PROBLEM TO SOLVE: Start to finish, print the entries exactly, and carry none of the pictures over.

Saved data entries
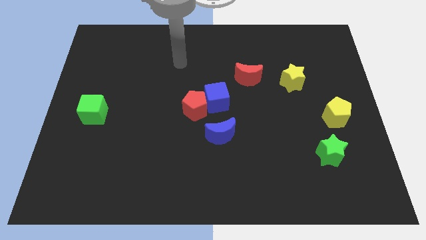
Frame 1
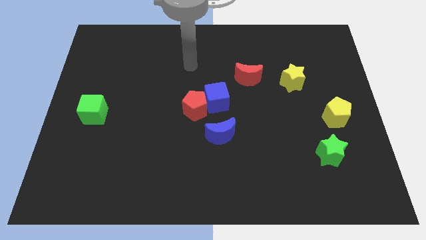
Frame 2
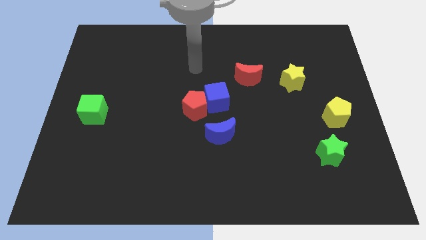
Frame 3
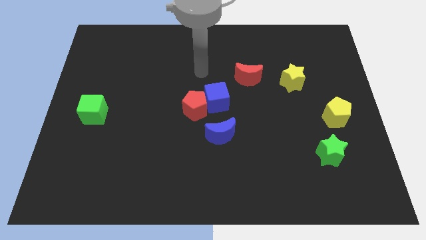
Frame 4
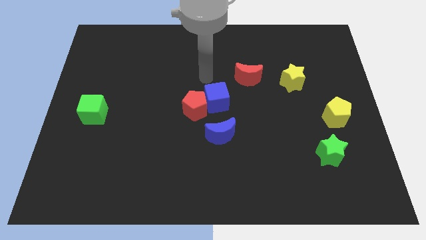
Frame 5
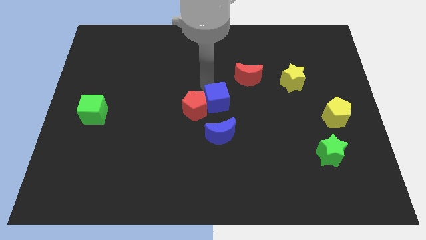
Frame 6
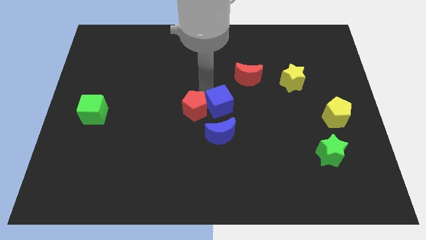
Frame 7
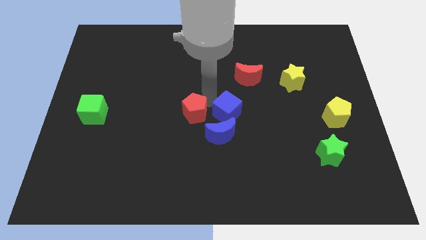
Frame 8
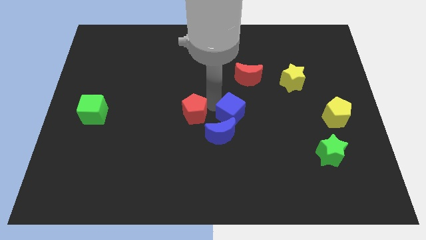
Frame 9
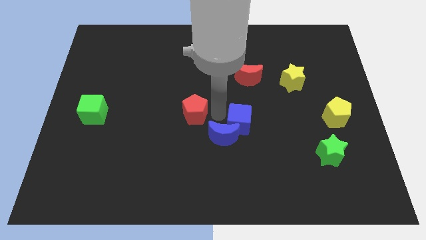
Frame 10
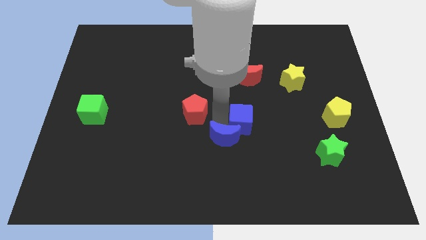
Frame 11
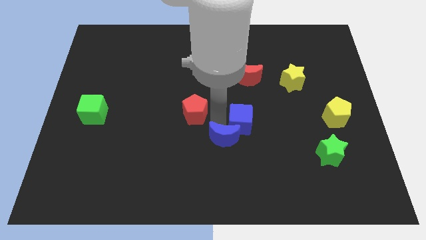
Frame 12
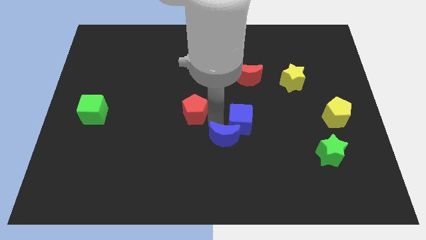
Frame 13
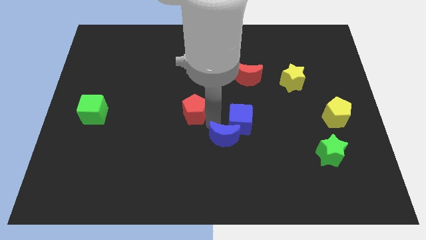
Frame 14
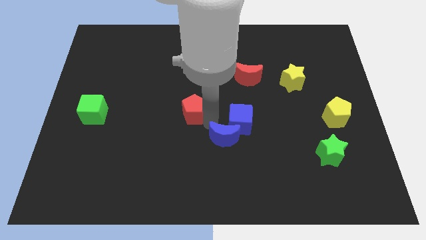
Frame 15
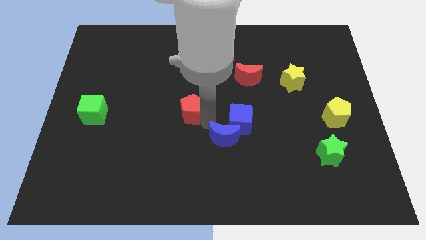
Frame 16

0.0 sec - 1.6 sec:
separate the red pentagon from the blue cube and blue moon

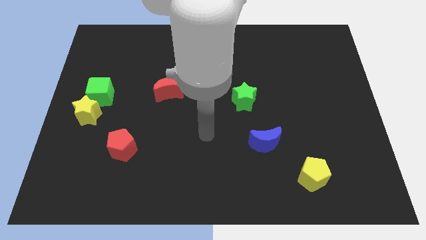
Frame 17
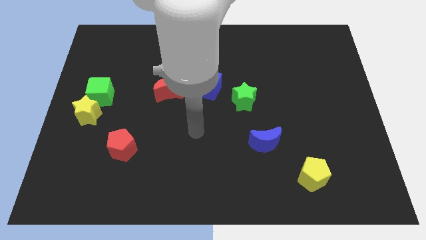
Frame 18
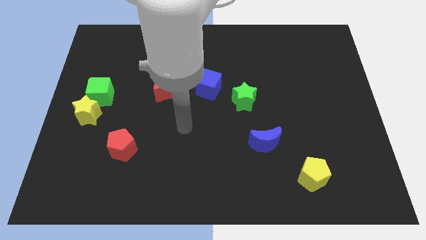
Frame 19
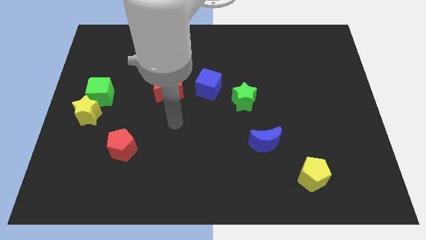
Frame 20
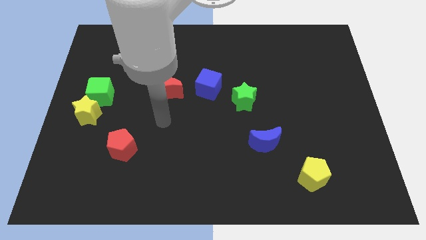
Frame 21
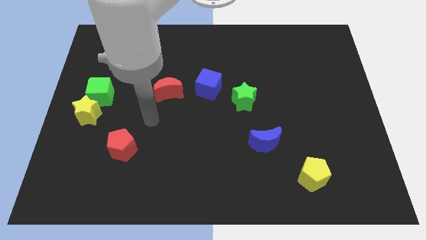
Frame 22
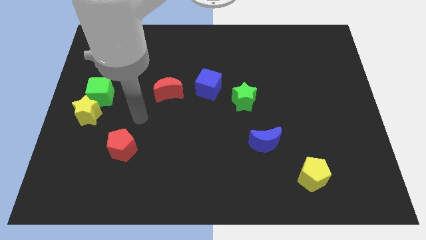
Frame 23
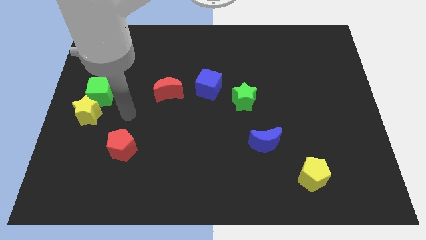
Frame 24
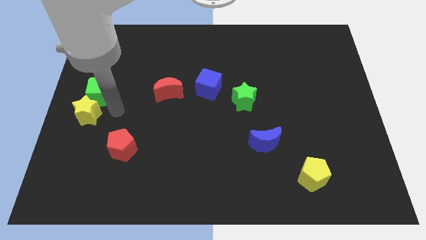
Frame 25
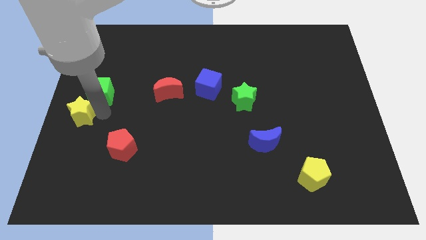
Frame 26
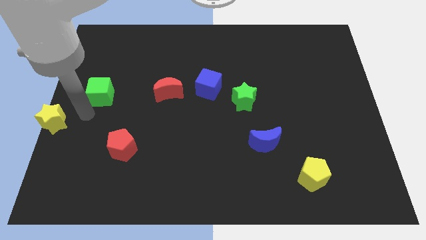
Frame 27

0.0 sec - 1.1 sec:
move the green cube away from the yellow star

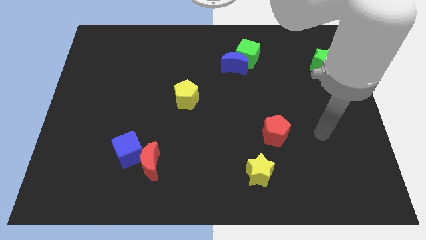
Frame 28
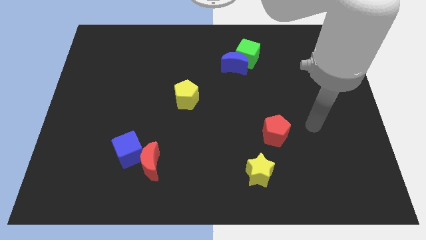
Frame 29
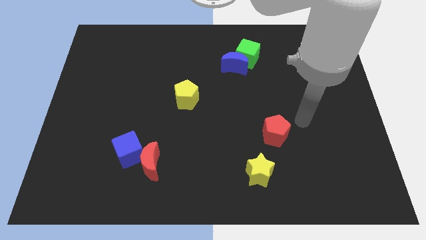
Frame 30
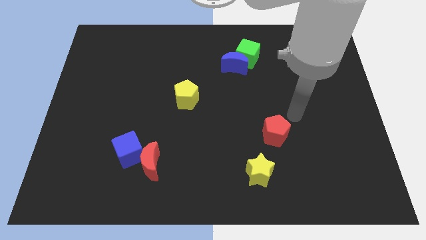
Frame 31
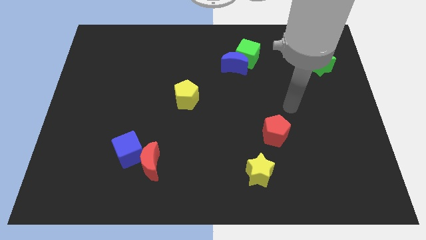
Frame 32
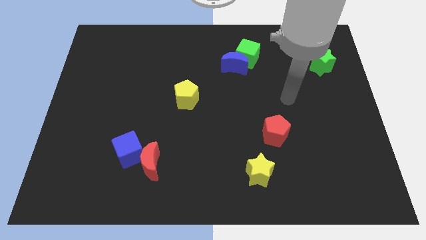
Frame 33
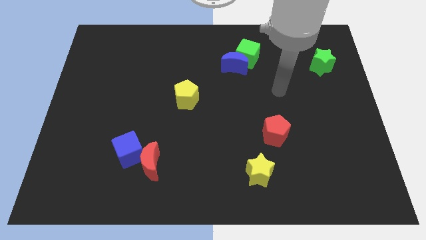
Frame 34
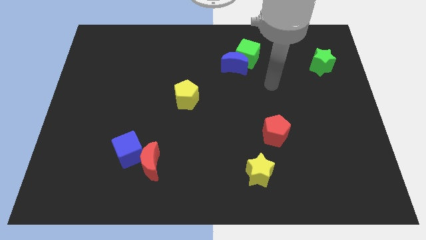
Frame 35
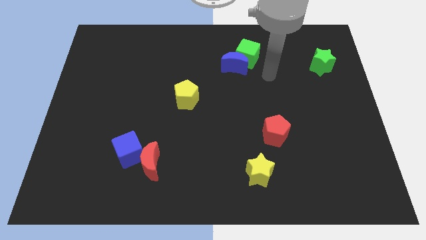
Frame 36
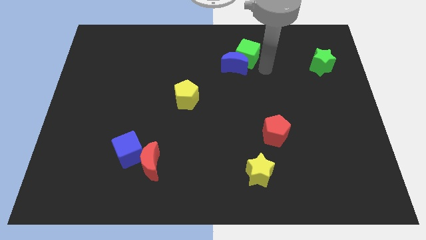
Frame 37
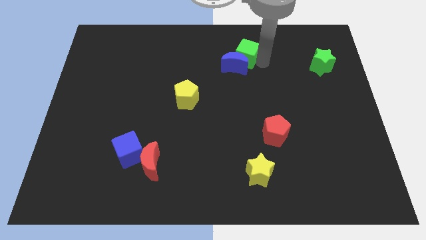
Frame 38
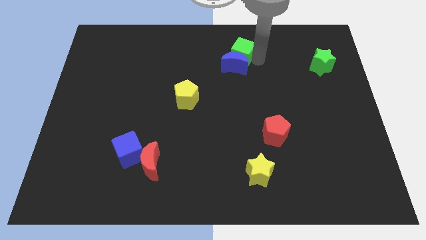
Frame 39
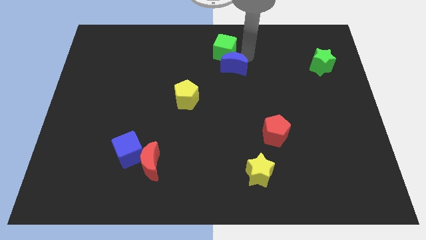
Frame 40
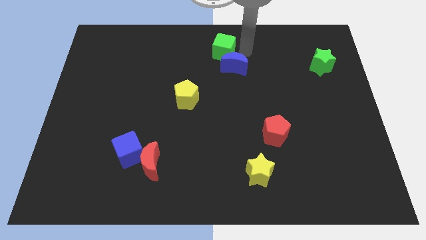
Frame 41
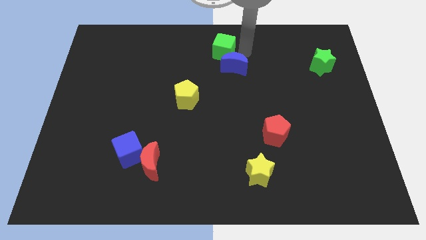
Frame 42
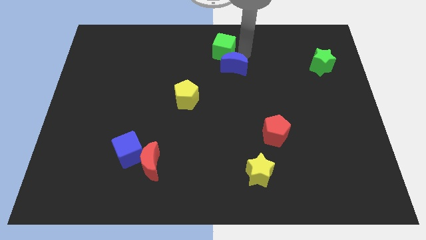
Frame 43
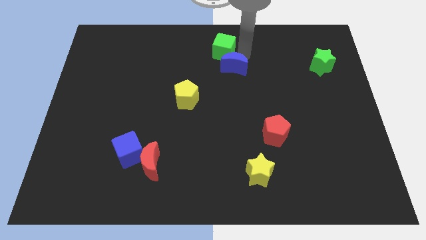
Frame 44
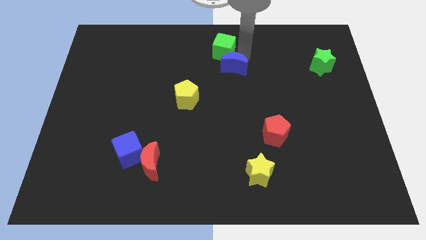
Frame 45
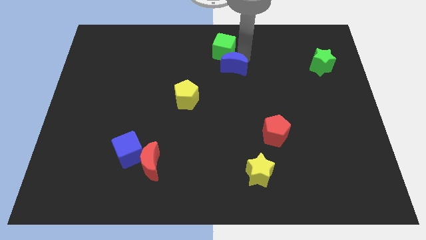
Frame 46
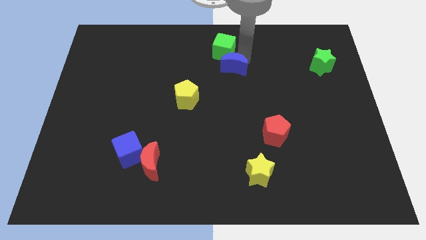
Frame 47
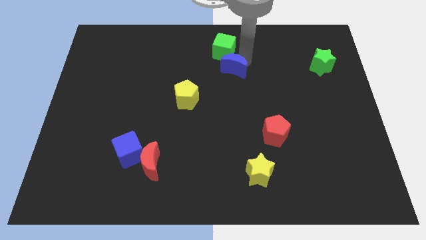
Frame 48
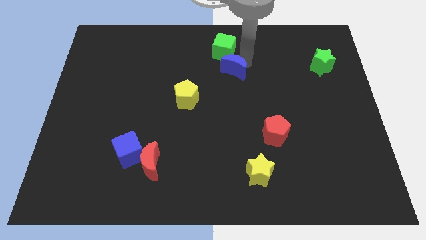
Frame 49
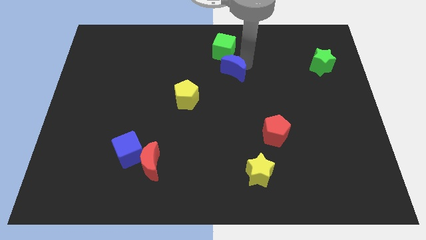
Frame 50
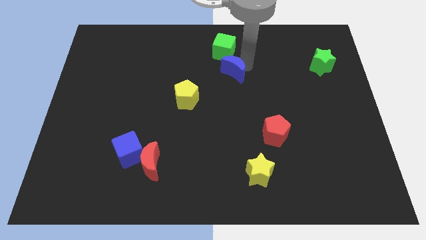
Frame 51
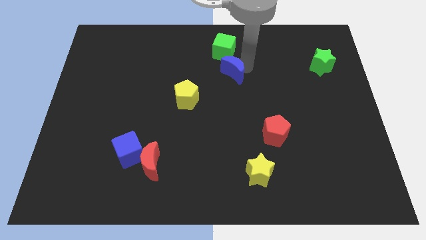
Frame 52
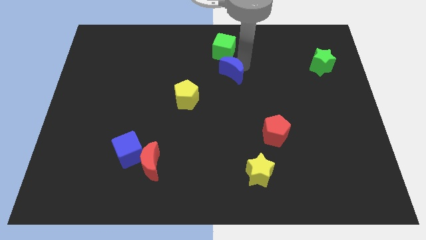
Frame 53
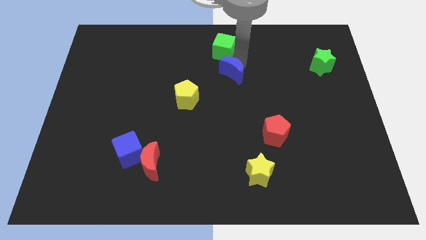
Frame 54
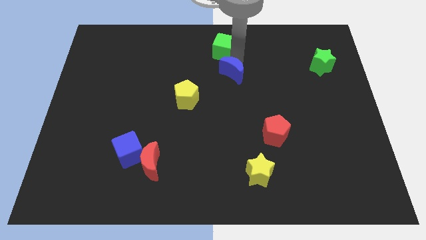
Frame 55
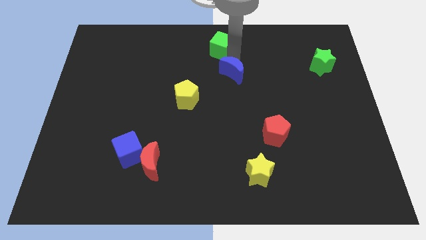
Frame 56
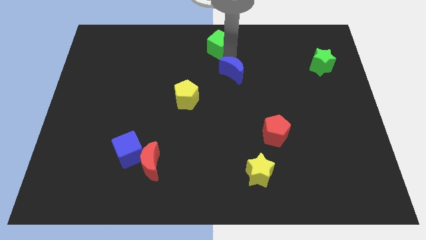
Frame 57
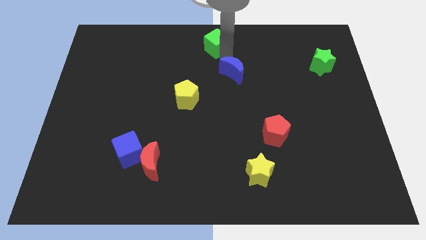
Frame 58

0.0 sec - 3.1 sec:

RESPONSE TO THIS EXERCISE:
Frame 1
Frame 2
Frame 3
Frame 4
Frame 5
Frame 6
Frame 7
Frame 8
Frame 9
Frame 10
Frame 11
Frame 12
Frame 13
Frame 14
Frame 15
Frame 16

0.0 sec - 1.6 sec:
separate the red pentagon from the blue cube and blue moon

Frame 17
Frame 18
Frame 19
Frame 20
Frame 21
Frame 22
Frame 23
Frame 24
Frame 25
Frame 26
Frame 27

0.0 sec - 1.1 sec:
move the green cube away from the yellow star

Frame 28
Frame 29
Frame 30
Frame 31
Frame 32
Frame 33
Frame 34
Frame 35
Frame 36
Frame 37
Frame 38
Frame 39
Frame 40
Frame 41
Frame 42
Frame 43
Frame 44
Frame 45
Frame 46
Frame 47
Frame 48
Frame 49
Frame 50
Frame 51
Frame 52
Frame 53
Frame 54
Frame 55
Frame 56
Frame 57
Frame 58

0.0 sec - 3.1 sec:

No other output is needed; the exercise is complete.